2. Marine biological processes

Abstract. The stable isotopic composition of particulate organic carbon (δ13CPOC) in the surface waters of the global ocean can vary with the aqueous CO2 concentration ([CO2(aq)]) and affects the trophic transfer of carbon isotopes in the marine food web. Other factors such as cell size, growth rate and carbon concentrating mechanisms decouple this observed correlation.
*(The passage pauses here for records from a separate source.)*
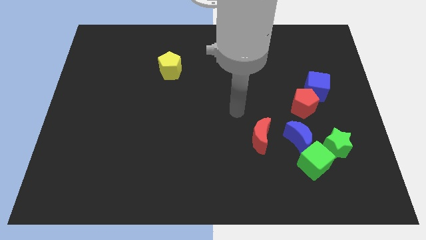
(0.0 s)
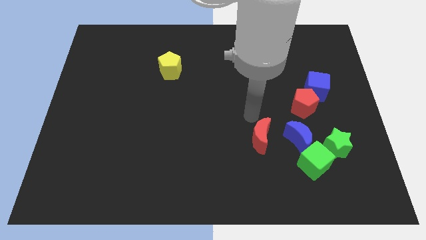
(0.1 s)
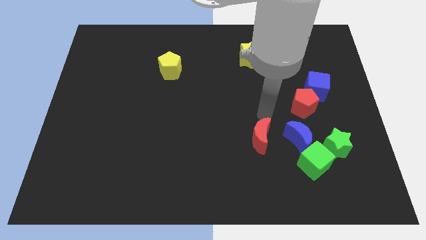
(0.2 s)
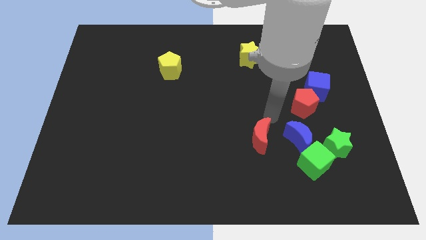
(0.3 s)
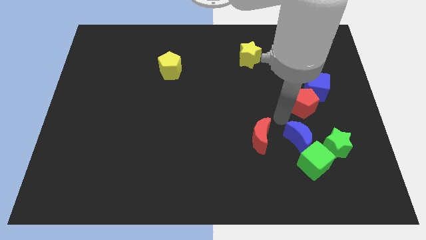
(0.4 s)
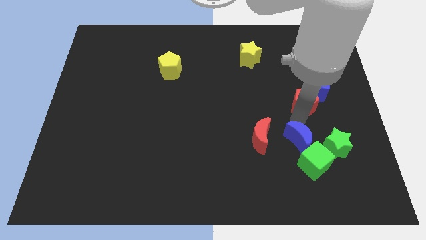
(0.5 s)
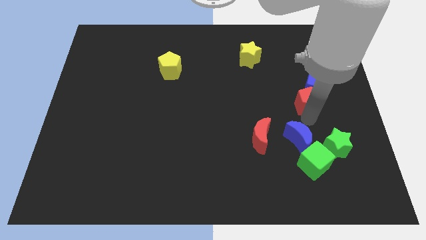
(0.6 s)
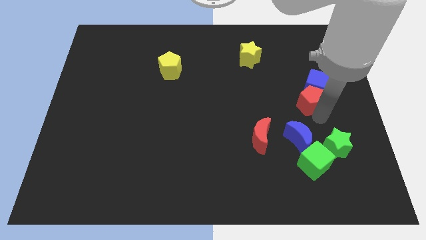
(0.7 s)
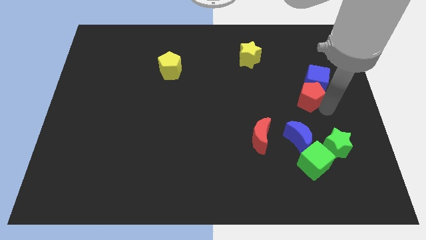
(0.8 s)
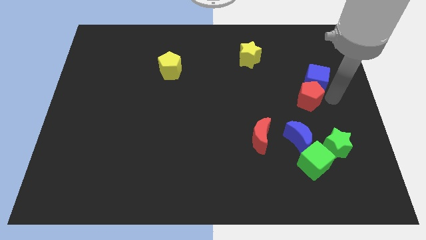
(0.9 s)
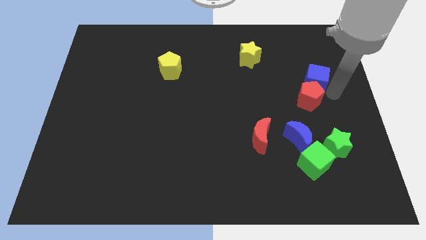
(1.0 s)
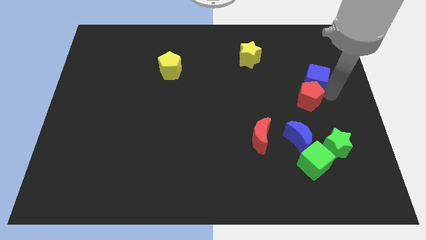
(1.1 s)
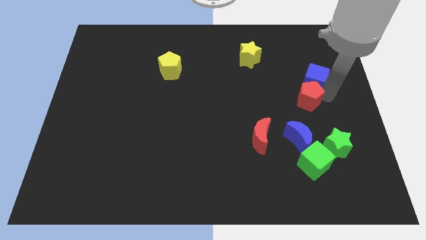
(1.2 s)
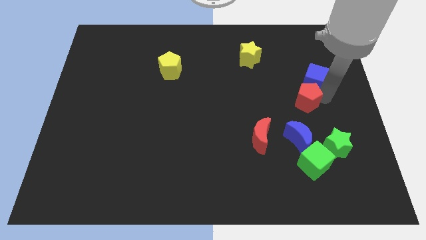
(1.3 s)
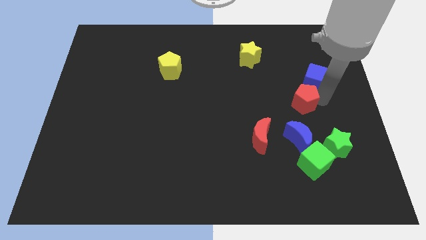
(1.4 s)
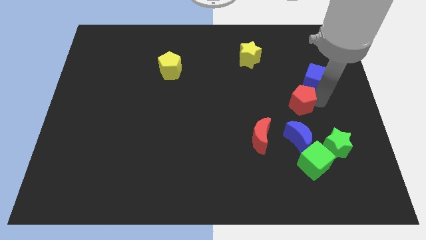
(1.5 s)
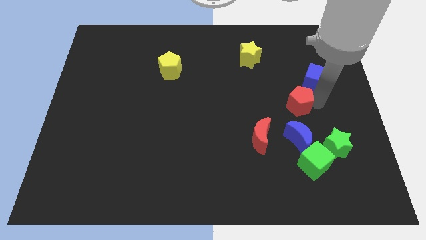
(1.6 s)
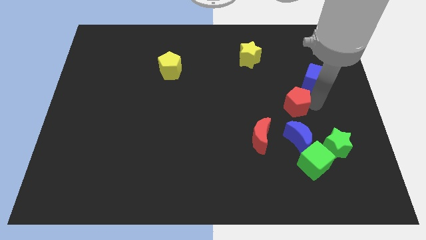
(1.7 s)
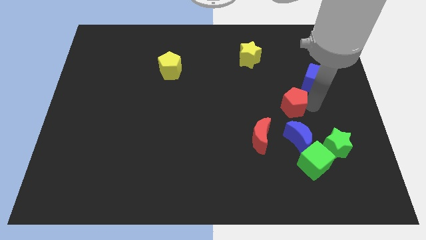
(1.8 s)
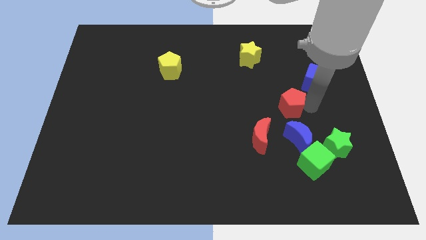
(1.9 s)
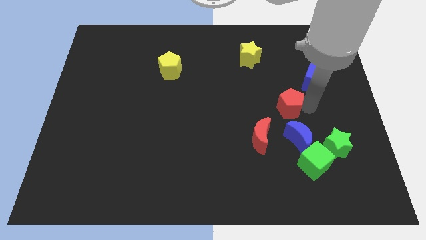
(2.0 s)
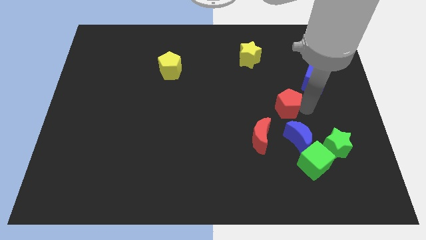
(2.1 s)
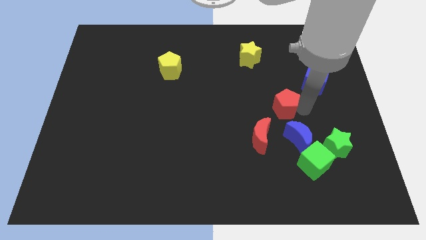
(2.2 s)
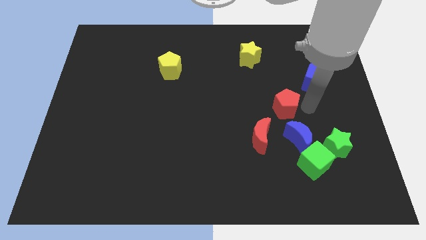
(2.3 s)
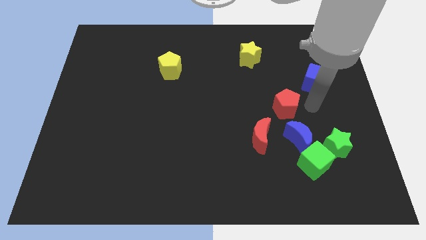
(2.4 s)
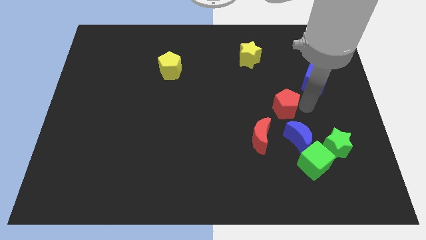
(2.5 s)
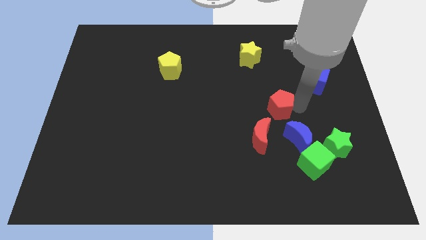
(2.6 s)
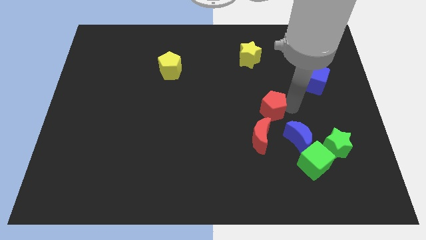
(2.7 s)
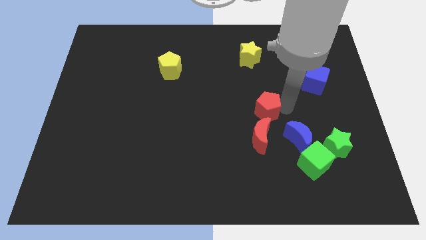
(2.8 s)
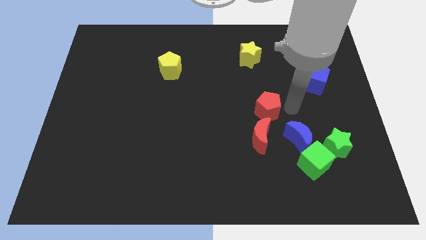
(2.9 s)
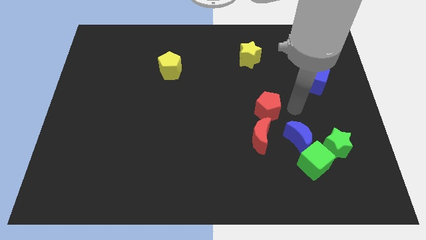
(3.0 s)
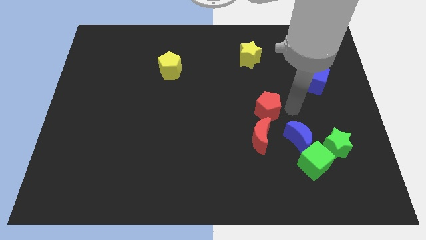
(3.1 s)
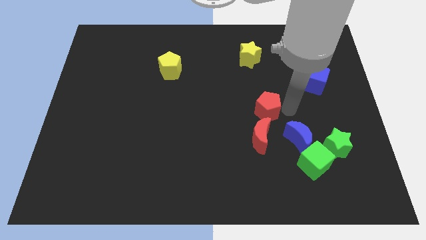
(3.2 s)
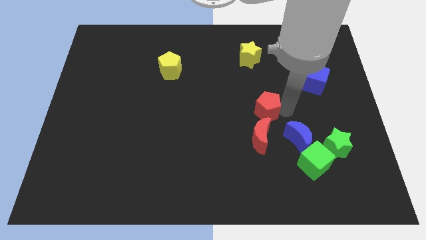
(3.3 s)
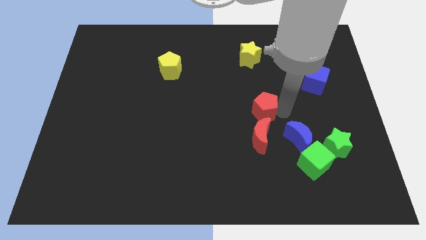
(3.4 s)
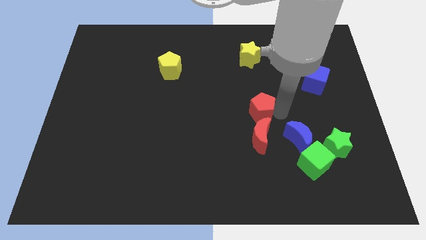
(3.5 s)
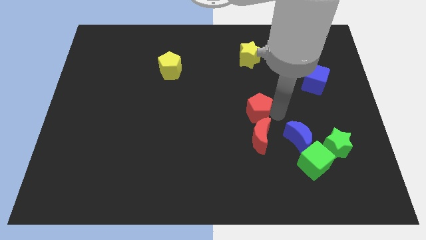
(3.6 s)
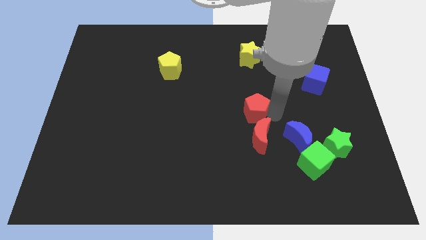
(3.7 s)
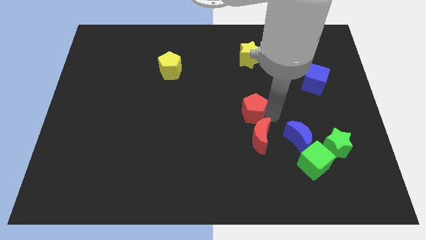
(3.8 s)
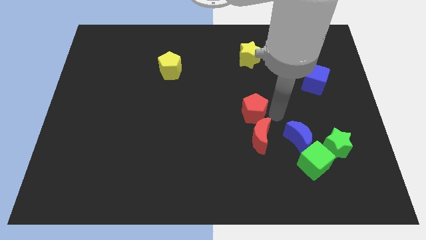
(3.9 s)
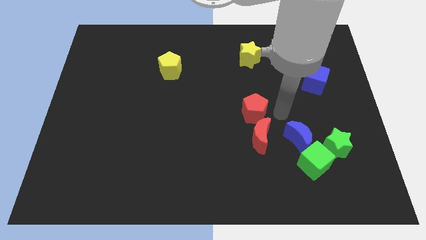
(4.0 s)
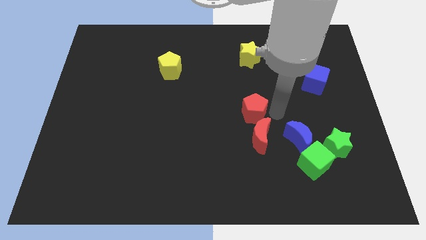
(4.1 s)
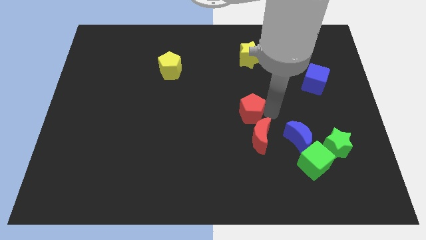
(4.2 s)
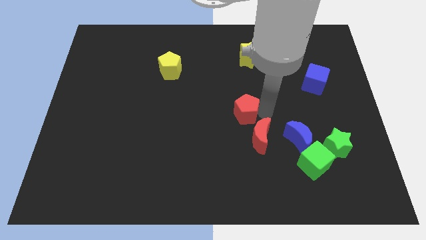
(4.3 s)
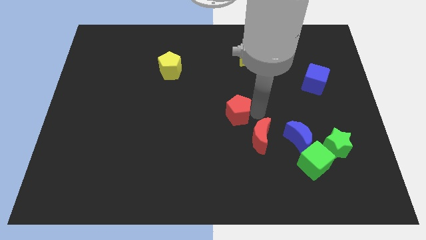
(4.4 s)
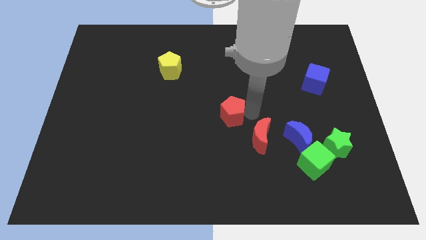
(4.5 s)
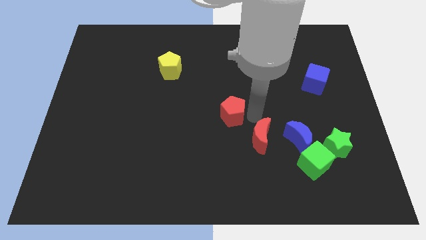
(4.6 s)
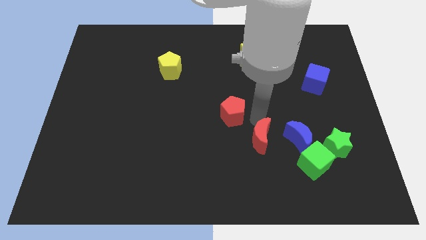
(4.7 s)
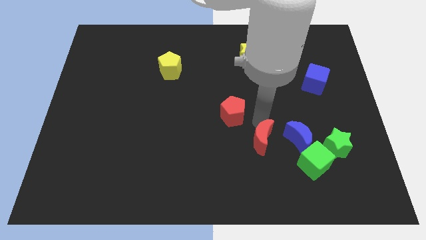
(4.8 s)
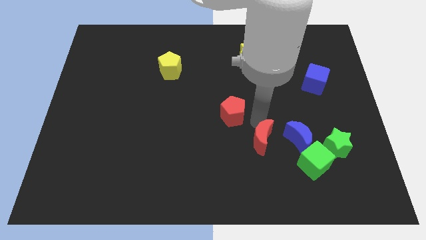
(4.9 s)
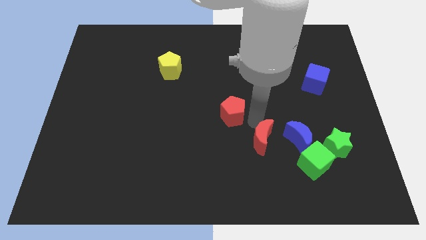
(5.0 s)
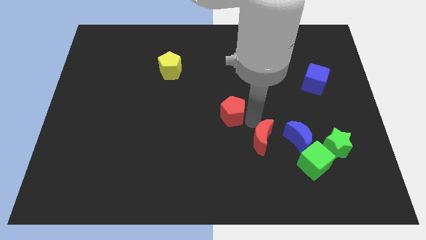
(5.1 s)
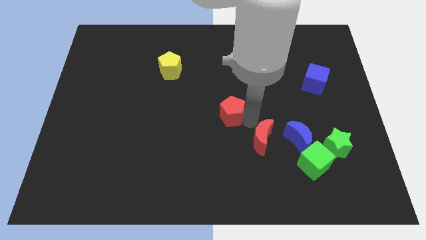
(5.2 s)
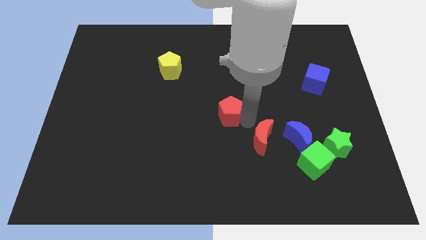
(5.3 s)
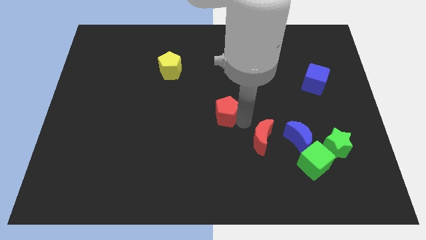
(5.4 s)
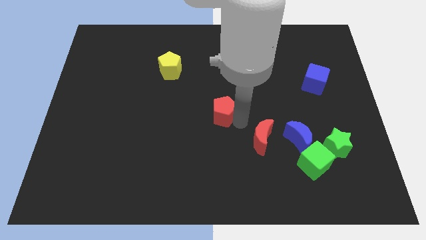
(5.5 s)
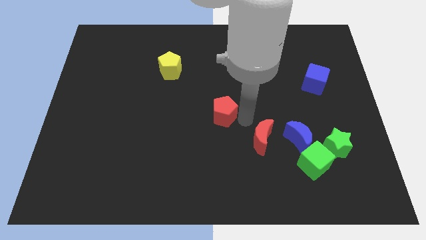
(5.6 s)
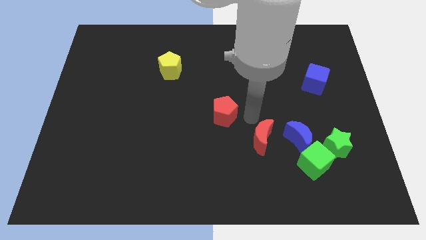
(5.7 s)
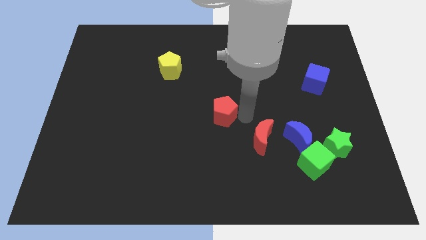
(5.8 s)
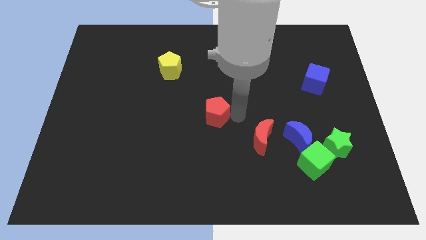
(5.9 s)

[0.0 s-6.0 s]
move the red pentagon to the left

Here, the variability in δ13CPOC is investigated in surface waters across the south subtropical convergence (SSTC) in the Atlantic Ocean, to determine carbon isotope fractionation (εp) by phytoplankton and the contrasting mechanisms of carbon uptake in the subantarctic and subtropical water masses. Our results indicate that cell size is the primary determinant of δ13CPOC across the Atlantic SSTC in summer. Combining cell size estimates with CO2 concentrations, we can accurately estimate εp within the varying surface water masses in this region. We further utilize these results to investigate future changes in εp with increased anthropogenic carbon availability. Our results suggest that smaller cells, which are prevalent in the subtropical ocean, will respond less to increased [CO2(aq)] than the larger cells found south of the SSTC and in the wider Southern Ocean. In the subantarctic water masses, isotopic fractionation during carbon uptake will likely increase, both with increasing CO2 availability to the cell, but also if increased stratification leads to decreases in average community cell size. Coupled with decreasing δ13C of [CO2(aq)] due to anthropogenic CO2 emissions, this change in isotopic fractionation and lowering of δ13CPOC may propagate through the marine food web, with implications for the use of δ13CPOC as a tracer of dietary sources in the marine environment.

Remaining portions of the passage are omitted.